*Your task:* Repeat the data verbatim, images excluded.

[Data items]
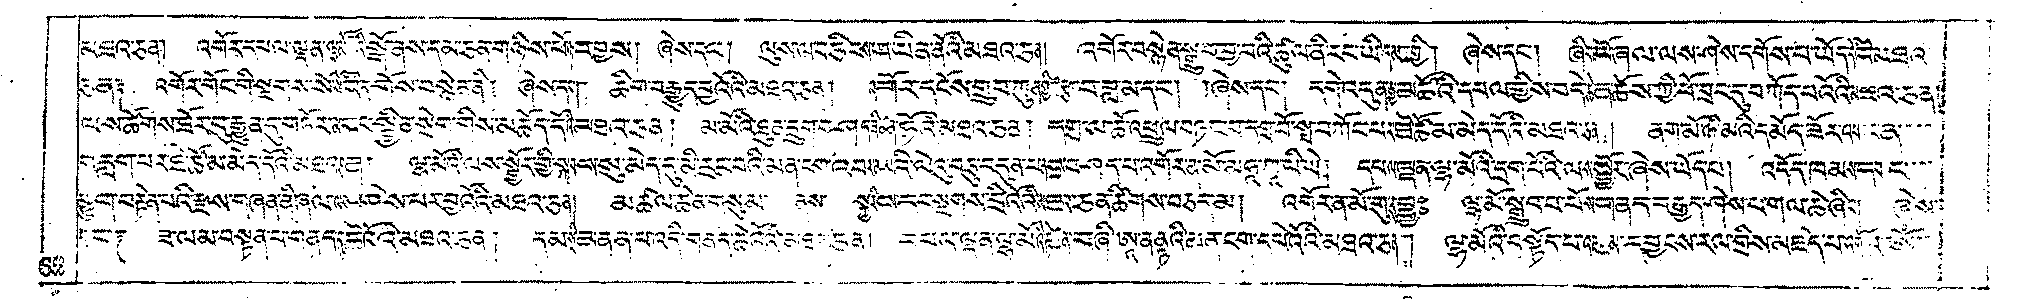མཐའ་ཅན། འགོར་དཔལ་ལྡན་ལྷ་མོའི་སྒོ་ནས་དམ་ཅན་གཉིས་ཕོ་ཉར་བྱས། ཞེས་དང་། ལུས་ལ་བཅིངས་པ་ཡིན་ནོའི་མཐའ་ཅན། འགོར་བསྙེན་སྒྲུབ་བྱ་བའི་ཚུལ་ནི་རང་ཡི་དམ་གྱི། ཞེས་དང་། ཞིབ་མོ་ཞལ་ལས་ཤེས་དགོས་པ་ཡོད་དོའི་མཐའ་
ཅན༑ འགོར་གོང་གི་སྔགས་སོ་སོའི་དགོས་བསྙེན་ནི། ཞེས་དང་། ཆིག་བརྒྱུད་བྱའོའི་མཐའ་ཅན། འགོར་དངོས་གྲུབ་ཀུན་གྱི་རྩ་བ་བླ་མ་དང་། །ཞེས་དང་། དགེ་འདུན་རྒྱ་མཚོའི་དཔལ་གྱིས་བདེ་ཆེན་ཆོས་ཀྱི་ཕོ་བྲང་དུ་བཀོད་པའོའི་མཐའ་ཅན།
ལས་ཚོགས་ཐོར་བུ་རྒྱུན་དུ་གཏོར་མ་དང་སྦྱིན་སྲེག་གིས་མཆོད་དོའི་མཐའ་ཅན། མ་མོའི་ཐུན་དྲུག་བཤད་ཟིན་ཏོའི་མཐའ་ཅན། དགྲ་ལ་ཆོ་འཕྲུལ་བཏང་བ་དགྲ་བོ་སྤ་བཀོང་པར་ཐེ་ཚོམ་མེད་དོའི་མཐའ་ཅན། ནག་མོ་ཉི་མའི་དམོད་ཟོར་འཕང་ན་
བརླག་པར་ཐེ་ཚོམ་མེད་དོའི་མཐའ་ཅན། ལྷ་མོའི་ལས་སྦྱོར་གྱི་སྐབས་སུ་མེད་དུ་མི་རུང་བའི་མན་ངག་འབར་མའི་ལེའུ་བཅུ་བདུན་པ་ནས་བཤད་པ་འགོར་ན་མོ་མཧཱ་ཀཱ་ལི་ཡེ། དཔལ་ལྡན་ལྷ་མོའི་དྲག་པོའི་ལས་སྦྱོར་ཞེས་ཡོད་པ། འདོད་ཁམས་དབང་
ཕྱུག་བརྟེན་པའི་རྫས་གཞན་ནི་ཞལ་ལས་ཤེས་པར་བྱའོའི་མཐའ་ཅན། མཚལ་ཆེན་གསུམ་ནས་སྐྱ་རིས་དང་སྔགས་བྲིའོའི་མཐའ་ཅན་ཚིགས་བཅད་མ་འགྲོ་ན་མོ་གུ་རུ་བྷྱཿ ལྷ་མོ་སྒྲུབ་པ་པོས་གནད་བརྒྱད་ཤེས་པ་གལ་ཆེ་ཞིང་། ཞེས་
དང༑ ཟ་ལམ་བསྟན་པ་གནད་དུ་ཆེའོའི་མཐའ་ཅན། དམ་སྲི་མནན་པ་འདི་གནད་ཆེའོའི་མཐའ་ཅན། དཔལ་དླན་ལྷ་མོའི་རྟེན་བཞི་ཨཱ་ནནྟའི་མན་ངག་དཔེའོའི་མཐའ་ཅན། ལྷ་མོའི་བསྟོད་པ་འཇམ་དབྱངས་རལ་གྲིས་མཛད་པ་འགོར་ཨོཾ་

*Reply:*
མཐའ་ཅན། འགོར་དཔལ་ལྡན་ལྷ་མོའི་སྒོ་ནས་དམ་ཅན་གཉིས་ཕོ་ཉར་བྱས། ཞེས་དང་། ལུས་ལ་བཅིངས་པ་ཡིན་ནོའི་མཐའ་ཅན། འགོར་བསྙེན་སྒྲུབ་བྱ་བའི་ཚུལ་ནི་རང་ཡི་དམ་གྱི། ཞེས་དང་། ཞིབ་མོ་ཞལ་ལས་ཤེས་དགོས་པ་ཡོད་དོའི་མཐའ་
ཅན༑ འགོར་གོང་གི་སྔགས་སོ་སོའི་དགོས་བསྙེན་ནི། ཞེས་དང་། ཆིག་བརྒྱུད་བྱའོའི་མཐའ་ཅན། འགོར་དངོས་གྲུབ་ཀུན་གྱི་རྩ་བ་བླ་མ་དང་། །ཞེས་དང་། དགེ་འདུན་རྒྱ་མཚོའི་དཔལ་གྱིས་བདེ་ཆེན་ཆོས་ཀྱི་ཕོ་བྲང་དུ་བཀོད་པའོའི་མཐའ་ཅན།
ལས་ཚོགས་ཐོར་བུ་རྒྱུན་དུ་གཏོར་མ་དང་སྦྱིན་སྲེག་གིས་མཆོད་དོའི་མཐའ་ཅན། མ་མོའི་ཐུན་དྲུག་བཤད་ཟིན་ཏོའི་མཐའ་ཅན། དགྲ་ལ་ཆོ་འཕྲུལ་བཏང་བ་དགྲ་བོ་སྤ་བཀོང་པར་ཐེ་ཚོམ་མེད་དོའི་མཐའ་ཅན། ནག་མོ་ཉི་མའི་དམོད་ཟོར་འཕང་ན་
བརླག་པར་ཐེ་ཚོམ་མེད་དོའི་མཐའ་ཅན། ལྷ་མོའི་ལས་སྦྱོར་གྱི་སྐབས་སུ་མེད་དུ་མི་རུང་བའི་མན་ངག་འབར་མའི་ལེའུ་བཅུ་བདུན་པ་ནས་བཤད་པ་འགོར་ན་མོ་མཧཱ་ཀཱ་ལི་ཡེ། དཔལ་ལྡན་ལྷ་མོའི་དྲག་པོའི་ལས་སྦྱོར་ཞེས་ཡོད་པ། འདོད་ཁམས་དབང་
ཕྱུག་བརྟེན་པའི་རྫས་གཞན་ནི་ཞལ་ལས་ཤེས་པར་བྱའོའི་མཐའ་ཅན། མཚལ་ཆེན་གསུམ་ནས་སྐྱ་རིས་དང་སྔགས་བྲིའོའི་མཐའ་ཅན་ཚིགས་བཅད་མ་འགྲོ་ན་མོ་གུ་རུ་བྷྱཿ ལྷ་མོ་སྒྲུབ་པ་པོས་གནད་བརྒྱད་ཤེས་པ་གལ་ཆེ་ཞིང་། ཞེས་
དང༑ ཟ་ལམ་བསྟན་པ་གནད་དུ་ཆེའོའི་མཐའ་ཅན། དམ་སྲི་མནན་པ་འདི་གནད་ཆེའོའི་མཐའ་ཅན། དཔལ་དླན་ལྷ་མོའི་རྟེན་བཞི་ཨཱ་ནནྟའི་མན་ངག་དཔེའོའི་མཐའ་ཅན། ལྷ་མོའི་བསྟོད་པ་འཇམ་དབྱངས་རལ་གྲིས་མཛད་པ་འགོར་ཨོཾ་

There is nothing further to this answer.